Através dessas sugestões e das demais questões levantadas aqui, penso que os objetivos dessa pesquisa foram alcançados. Entretanto, vejo nela algumas limitações. Apesar da quantidade de dados obtidos nas entrevistas, a quantidade de entrevistados não reflete, como pudemos perceber, o grande número de possíveis relações de codocência possíveis no contexto. A dificuldade de conseguir sujeitos timorenses e observar as interações in loco, enquanto acontecem foram limitantes na pesquisa.
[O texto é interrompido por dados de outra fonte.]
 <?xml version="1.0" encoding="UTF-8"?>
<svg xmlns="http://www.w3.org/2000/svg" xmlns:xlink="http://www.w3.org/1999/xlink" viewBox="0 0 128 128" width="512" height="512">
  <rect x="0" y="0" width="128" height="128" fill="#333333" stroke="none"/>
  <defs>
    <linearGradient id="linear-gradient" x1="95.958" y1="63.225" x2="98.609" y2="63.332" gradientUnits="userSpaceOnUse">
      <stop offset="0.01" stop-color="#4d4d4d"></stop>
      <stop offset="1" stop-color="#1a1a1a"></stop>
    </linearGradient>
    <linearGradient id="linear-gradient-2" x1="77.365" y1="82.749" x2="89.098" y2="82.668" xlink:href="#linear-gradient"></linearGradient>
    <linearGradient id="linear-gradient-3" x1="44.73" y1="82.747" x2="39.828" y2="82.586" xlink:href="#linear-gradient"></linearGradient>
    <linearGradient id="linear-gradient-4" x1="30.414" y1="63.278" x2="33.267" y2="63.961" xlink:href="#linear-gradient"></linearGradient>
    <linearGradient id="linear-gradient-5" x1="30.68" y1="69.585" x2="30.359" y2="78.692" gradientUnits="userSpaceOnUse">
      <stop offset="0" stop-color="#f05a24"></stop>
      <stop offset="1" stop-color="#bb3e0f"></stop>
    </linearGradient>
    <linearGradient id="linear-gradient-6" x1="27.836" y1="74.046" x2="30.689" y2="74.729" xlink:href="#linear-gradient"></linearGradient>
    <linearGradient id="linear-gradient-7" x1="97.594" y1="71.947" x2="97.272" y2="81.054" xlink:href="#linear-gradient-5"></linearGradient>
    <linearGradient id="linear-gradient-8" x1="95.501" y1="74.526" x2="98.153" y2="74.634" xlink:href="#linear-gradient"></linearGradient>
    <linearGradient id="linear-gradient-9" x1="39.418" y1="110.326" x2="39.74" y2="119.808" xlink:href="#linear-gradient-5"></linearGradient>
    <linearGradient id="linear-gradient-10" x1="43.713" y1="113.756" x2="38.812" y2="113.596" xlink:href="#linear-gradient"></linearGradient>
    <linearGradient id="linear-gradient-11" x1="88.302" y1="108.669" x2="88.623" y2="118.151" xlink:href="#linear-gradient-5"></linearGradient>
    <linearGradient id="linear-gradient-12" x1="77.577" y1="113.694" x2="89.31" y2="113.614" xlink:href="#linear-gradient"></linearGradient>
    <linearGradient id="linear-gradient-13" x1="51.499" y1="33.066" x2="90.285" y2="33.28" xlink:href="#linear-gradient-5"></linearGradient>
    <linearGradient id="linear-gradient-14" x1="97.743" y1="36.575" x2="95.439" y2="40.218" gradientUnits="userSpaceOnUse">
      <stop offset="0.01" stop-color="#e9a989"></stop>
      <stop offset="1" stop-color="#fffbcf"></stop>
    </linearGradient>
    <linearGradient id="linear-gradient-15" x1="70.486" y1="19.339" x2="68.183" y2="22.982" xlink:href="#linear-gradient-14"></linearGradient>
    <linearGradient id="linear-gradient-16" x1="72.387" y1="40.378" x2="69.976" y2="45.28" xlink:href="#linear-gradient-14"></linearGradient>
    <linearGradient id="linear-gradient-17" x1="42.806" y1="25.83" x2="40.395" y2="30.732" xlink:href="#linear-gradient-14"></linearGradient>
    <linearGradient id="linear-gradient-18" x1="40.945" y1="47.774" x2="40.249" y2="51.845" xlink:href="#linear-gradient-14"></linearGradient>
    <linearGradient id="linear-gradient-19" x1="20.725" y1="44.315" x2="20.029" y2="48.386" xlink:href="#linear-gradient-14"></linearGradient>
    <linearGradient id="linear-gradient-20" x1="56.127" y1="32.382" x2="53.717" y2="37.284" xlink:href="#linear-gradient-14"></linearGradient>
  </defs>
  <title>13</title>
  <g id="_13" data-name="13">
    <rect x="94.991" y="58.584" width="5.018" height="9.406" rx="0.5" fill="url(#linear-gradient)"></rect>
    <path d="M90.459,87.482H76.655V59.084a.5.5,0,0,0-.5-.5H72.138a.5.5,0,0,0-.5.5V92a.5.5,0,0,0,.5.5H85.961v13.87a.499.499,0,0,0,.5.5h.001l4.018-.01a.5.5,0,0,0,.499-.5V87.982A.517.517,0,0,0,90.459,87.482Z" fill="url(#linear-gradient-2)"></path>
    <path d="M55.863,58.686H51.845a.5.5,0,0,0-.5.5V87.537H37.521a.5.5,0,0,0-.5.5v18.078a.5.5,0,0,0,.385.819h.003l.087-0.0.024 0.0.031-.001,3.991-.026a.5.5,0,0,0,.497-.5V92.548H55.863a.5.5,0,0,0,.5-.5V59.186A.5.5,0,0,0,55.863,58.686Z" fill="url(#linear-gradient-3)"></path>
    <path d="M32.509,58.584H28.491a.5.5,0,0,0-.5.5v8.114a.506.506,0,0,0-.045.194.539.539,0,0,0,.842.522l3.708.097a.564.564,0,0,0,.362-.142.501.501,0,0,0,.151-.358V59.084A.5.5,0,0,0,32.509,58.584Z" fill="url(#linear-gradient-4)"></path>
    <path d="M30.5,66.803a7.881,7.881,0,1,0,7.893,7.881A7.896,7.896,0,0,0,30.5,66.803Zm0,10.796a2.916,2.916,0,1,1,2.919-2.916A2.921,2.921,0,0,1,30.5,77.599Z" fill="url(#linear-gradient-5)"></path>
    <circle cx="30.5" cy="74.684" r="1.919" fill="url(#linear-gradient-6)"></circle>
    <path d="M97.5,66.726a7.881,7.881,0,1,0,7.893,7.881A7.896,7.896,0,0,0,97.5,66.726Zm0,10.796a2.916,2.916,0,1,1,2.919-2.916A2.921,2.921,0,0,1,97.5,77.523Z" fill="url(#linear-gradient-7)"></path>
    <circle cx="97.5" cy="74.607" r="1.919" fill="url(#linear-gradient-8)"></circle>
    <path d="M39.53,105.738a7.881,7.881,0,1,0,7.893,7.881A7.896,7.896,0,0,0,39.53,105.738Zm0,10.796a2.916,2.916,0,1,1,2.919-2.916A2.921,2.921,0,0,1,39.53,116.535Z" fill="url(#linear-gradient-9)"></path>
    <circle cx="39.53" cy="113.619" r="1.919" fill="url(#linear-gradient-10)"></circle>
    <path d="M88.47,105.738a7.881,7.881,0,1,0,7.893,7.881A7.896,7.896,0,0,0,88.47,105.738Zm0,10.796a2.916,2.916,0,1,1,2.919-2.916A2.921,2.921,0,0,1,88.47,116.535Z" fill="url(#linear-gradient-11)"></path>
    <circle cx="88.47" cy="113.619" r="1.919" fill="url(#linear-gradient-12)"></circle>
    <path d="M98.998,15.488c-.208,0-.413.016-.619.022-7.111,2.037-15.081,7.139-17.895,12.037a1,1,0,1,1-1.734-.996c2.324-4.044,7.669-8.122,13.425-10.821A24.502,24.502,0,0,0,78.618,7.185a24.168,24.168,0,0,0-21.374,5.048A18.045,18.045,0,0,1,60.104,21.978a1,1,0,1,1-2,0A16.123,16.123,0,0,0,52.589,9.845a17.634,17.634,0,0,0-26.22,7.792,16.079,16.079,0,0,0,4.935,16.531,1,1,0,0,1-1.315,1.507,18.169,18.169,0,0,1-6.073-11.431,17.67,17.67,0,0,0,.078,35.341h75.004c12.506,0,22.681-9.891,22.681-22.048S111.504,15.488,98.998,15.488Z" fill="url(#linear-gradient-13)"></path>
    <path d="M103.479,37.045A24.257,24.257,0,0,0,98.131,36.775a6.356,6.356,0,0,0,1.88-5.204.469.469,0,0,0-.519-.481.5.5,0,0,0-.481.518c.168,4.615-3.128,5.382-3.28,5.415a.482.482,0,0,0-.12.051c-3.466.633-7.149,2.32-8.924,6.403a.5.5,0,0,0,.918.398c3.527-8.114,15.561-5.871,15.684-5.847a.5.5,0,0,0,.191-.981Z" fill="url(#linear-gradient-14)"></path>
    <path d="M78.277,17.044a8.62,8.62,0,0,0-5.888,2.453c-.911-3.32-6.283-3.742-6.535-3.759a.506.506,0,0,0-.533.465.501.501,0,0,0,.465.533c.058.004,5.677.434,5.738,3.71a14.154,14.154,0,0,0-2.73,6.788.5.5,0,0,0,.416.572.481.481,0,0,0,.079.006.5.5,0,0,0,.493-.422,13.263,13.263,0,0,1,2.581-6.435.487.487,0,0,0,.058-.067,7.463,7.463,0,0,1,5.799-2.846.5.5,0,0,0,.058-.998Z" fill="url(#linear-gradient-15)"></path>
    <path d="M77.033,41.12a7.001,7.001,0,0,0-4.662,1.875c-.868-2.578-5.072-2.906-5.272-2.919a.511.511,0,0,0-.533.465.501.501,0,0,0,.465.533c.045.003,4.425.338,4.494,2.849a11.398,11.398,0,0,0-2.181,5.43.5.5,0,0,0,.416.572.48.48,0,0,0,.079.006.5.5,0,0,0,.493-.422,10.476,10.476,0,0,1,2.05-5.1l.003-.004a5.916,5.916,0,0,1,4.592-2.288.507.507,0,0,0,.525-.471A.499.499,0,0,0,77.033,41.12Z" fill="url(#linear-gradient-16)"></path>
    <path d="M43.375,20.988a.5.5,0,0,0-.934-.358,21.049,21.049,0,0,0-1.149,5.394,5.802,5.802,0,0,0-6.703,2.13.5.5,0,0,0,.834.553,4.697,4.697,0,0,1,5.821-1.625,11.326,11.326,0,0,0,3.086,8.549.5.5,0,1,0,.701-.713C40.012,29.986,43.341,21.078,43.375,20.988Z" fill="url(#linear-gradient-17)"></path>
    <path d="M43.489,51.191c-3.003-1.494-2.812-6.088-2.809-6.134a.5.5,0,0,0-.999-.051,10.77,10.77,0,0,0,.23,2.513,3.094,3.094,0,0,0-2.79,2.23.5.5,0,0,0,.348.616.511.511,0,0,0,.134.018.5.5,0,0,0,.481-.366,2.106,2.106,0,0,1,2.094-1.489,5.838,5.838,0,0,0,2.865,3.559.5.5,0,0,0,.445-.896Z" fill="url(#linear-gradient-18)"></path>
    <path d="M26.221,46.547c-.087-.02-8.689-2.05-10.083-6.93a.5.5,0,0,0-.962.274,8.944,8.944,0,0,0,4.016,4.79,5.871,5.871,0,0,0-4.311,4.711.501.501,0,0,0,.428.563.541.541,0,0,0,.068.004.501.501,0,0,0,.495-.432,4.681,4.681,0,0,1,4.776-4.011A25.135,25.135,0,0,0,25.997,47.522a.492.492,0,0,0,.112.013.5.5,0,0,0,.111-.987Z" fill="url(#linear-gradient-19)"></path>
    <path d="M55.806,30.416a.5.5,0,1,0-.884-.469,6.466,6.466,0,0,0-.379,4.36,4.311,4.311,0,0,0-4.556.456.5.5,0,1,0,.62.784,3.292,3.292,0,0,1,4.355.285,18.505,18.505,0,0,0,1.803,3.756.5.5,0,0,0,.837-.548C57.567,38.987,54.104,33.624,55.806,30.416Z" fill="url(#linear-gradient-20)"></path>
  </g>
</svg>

A continuidade do PQLP ainda é uma incógnita. Um novo memorando de entendimento foi encaminhado e está em discussão, mas ainda não se sabe o que pode acontecer devido a todos os cortes orçamentários que ocorrem hoje. Nesse sentido, mesmo que essa parceria Brasil/Timor-Leste possa acabar, penso que essa pesquisa também tem um cunho histórico, ao tentar resgatar essa prática da codocência entre brasileiros e timorenses na UNTL. Entretanto, com o avançar da internacionalização das universidades brasileiras e possíveis intercâmbios Sul-Sul com instituições estrangeiras, as conclusões demonstradas aqui podem possuir importância em novas cooperações internacionais, através da busca de uma formação continuada mais justa para os participantes.

Com todas essas contribuições em mãos ainda sobram caminhos a percorrer. A relação entre colonialidade e ensino de ciências demonstram ricas possibilidades de pesquisas. Não apenas ao pensar o encontro entre culturas estrangeiras, mas, inclusive, ao se pensar como um país tão culturalmente diverso como o Brasil, na educação indígena bilíngue, por exemplo, e com produção intelectual centrada em algumas regiões/universidades.

Esse debate se releva ainda mais no momento atual, em que é debatida a Base Nacional Curricular Comum (BNCC). Além da transnacionalização do currículo já evidenciada, outro processo semelhante que pode ocorrer através da BNCC é o silenciamento das periferias do Brasil, em especial nossas regiões norte e o nordeste, em um processo de transregionalização curricular. Dadas as condições sócio-históricas de nossa produção de conhecimento e estabelecimento de modelos internos de desenvolvimento, esse processo pode privilegiar

as regiões sul e sudeste como produtoras do conhecimento e detentoras dos modelos a serem seguidos, em um movimento semelhante ao que acontece em países como Timor-Leste.